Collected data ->
•••••

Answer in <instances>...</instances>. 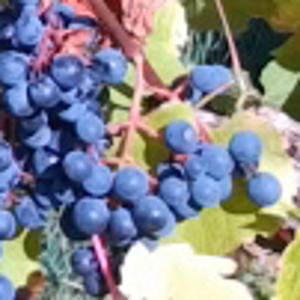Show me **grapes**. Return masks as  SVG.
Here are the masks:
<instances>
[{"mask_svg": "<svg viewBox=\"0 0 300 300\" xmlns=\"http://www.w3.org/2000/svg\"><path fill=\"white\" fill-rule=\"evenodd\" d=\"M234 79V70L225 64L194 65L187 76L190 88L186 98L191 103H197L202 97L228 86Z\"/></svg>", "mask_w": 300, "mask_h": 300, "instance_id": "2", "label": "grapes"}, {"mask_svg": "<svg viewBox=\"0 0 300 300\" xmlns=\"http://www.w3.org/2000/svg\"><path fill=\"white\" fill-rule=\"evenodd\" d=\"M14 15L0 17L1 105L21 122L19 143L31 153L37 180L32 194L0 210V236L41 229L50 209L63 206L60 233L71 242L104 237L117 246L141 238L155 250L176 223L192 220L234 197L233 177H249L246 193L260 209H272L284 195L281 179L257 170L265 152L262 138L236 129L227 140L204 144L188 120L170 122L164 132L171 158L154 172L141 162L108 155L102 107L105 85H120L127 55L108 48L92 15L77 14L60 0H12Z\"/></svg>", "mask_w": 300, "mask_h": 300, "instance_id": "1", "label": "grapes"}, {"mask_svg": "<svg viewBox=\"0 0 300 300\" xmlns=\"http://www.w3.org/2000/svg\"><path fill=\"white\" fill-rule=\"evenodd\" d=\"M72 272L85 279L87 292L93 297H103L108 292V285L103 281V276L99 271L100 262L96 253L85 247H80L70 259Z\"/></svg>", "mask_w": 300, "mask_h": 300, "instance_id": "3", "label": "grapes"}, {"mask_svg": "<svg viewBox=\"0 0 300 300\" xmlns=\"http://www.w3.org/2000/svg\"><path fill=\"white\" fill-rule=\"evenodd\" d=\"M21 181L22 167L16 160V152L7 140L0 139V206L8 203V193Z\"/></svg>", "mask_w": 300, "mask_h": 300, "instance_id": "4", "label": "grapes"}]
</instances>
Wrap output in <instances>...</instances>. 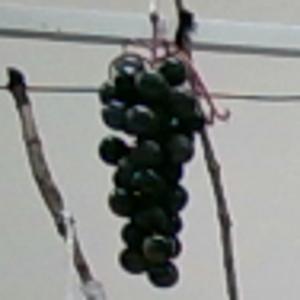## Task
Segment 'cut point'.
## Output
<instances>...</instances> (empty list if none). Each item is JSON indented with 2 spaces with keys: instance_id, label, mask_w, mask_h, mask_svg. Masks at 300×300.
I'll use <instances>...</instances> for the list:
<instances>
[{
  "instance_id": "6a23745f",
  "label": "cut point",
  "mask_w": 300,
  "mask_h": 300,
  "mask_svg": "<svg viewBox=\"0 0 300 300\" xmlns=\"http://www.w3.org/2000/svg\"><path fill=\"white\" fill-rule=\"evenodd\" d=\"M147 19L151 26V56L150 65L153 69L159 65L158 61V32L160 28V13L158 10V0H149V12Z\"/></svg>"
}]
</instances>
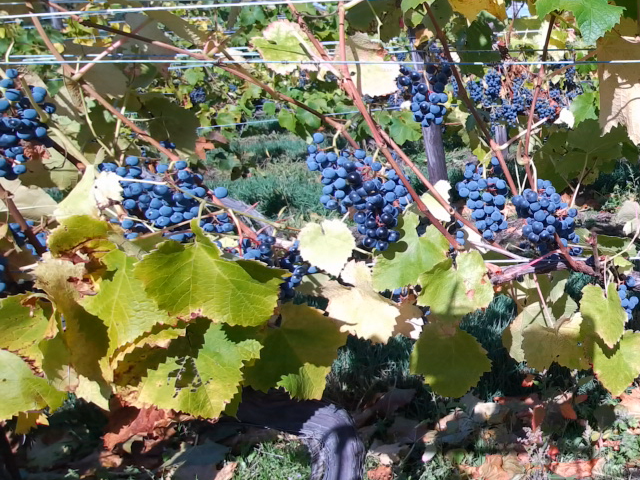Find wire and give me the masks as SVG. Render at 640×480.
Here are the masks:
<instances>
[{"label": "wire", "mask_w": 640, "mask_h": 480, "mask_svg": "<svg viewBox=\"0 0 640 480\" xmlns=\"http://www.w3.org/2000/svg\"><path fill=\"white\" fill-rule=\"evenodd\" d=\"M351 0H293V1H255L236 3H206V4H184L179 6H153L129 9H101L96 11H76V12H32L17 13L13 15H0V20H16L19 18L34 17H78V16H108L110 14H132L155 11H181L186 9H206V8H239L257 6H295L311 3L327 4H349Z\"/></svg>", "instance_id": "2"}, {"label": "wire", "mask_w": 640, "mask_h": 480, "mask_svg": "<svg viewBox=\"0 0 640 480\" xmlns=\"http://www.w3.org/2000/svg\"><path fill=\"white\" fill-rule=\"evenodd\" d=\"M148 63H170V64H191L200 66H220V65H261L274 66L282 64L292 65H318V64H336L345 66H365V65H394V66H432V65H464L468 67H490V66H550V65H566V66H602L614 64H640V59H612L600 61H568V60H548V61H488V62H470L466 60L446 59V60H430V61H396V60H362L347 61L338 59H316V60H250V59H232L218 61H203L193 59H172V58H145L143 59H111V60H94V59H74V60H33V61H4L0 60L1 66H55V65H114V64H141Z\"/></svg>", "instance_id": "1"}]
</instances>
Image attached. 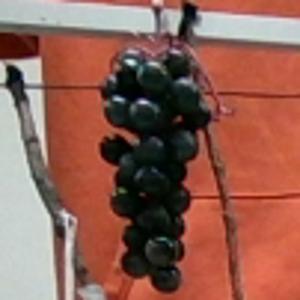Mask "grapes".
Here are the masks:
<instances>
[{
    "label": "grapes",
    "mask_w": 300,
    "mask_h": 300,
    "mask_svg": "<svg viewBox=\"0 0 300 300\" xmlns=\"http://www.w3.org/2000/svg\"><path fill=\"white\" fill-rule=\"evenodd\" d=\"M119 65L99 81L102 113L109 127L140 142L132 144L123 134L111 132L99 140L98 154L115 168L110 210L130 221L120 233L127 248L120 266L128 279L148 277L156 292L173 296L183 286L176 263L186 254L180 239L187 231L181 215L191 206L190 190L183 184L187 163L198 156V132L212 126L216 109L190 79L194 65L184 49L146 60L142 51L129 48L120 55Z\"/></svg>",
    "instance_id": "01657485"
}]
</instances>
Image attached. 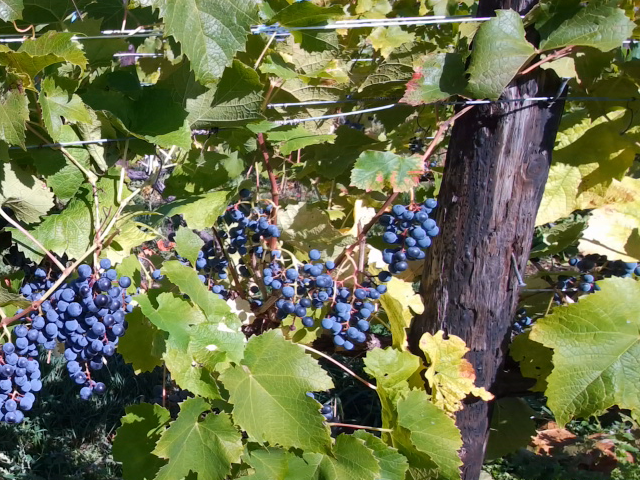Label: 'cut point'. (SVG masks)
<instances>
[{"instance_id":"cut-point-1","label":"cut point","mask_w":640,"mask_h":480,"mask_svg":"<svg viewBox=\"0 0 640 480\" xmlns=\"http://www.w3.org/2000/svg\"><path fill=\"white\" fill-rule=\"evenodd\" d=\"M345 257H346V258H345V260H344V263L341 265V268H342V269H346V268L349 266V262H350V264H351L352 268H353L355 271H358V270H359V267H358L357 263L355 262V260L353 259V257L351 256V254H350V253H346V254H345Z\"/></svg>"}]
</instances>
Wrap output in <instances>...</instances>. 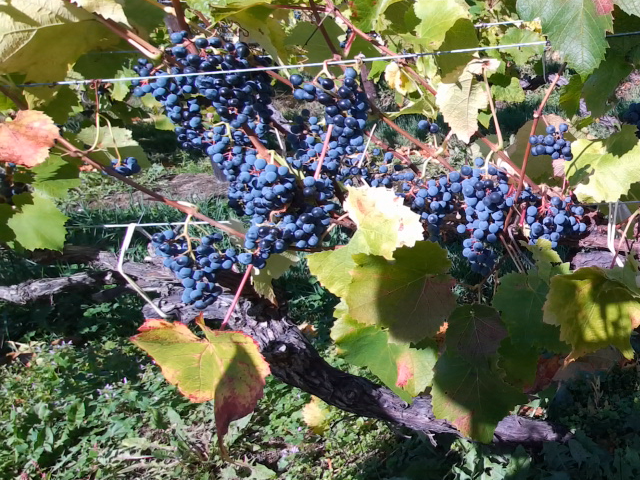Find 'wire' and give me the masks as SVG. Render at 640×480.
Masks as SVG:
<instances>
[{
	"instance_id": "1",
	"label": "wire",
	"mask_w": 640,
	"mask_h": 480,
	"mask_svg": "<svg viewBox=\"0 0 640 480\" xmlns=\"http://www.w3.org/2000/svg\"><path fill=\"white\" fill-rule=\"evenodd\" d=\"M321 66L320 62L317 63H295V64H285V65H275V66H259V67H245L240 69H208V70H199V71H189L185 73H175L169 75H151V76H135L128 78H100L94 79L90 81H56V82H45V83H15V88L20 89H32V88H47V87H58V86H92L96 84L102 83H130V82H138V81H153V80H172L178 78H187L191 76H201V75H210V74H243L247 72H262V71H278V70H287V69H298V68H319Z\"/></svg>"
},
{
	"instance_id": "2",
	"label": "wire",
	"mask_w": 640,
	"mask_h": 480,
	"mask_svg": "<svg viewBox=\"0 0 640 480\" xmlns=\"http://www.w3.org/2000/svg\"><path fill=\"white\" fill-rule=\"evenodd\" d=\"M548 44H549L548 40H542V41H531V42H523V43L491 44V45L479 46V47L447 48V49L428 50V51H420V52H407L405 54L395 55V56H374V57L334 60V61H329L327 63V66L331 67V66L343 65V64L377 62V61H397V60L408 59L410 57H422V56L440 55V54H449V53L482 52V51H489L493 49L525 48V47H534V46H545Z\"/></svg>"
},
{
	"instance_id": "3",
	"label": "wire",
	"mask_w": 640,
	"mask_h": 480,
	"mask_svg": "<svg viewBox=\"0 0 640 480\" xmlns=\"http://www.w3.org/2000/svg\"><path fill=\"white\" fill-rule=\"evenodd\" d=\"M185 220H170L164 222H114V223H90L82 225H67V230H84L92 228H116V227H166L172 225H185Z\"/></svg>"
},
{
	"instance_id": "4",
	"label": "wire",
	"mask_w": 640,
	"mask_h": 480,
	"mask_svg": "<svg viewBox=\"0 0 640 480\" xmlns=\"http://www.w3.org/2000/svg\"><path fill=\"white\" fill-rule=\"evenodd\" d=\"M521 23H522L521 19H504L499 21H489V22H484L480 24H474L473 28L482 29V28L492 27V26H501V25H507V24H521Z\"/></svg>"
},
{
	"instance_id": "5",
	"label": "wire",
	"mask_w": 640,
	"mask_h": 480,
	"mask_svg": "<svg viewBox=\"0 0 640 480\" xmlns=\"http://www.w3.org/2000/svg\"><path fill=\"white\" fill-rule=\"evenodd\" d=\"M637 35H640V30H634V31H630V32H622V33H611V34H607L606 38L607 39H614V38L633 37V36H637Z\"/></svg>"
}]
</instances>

•••••

WHAT IS EXPECTED -> Look above for lines with the word "list" and copy them all.

TASK ANSWER ->
<instances>...</instances> (empty list if none). Each item is JSON indented with 2 spaces with keys: instance_id, label, mask_w, mask_h, mask_svg. Masks at 300×300.
I'll use <instances>...</instances> for the list:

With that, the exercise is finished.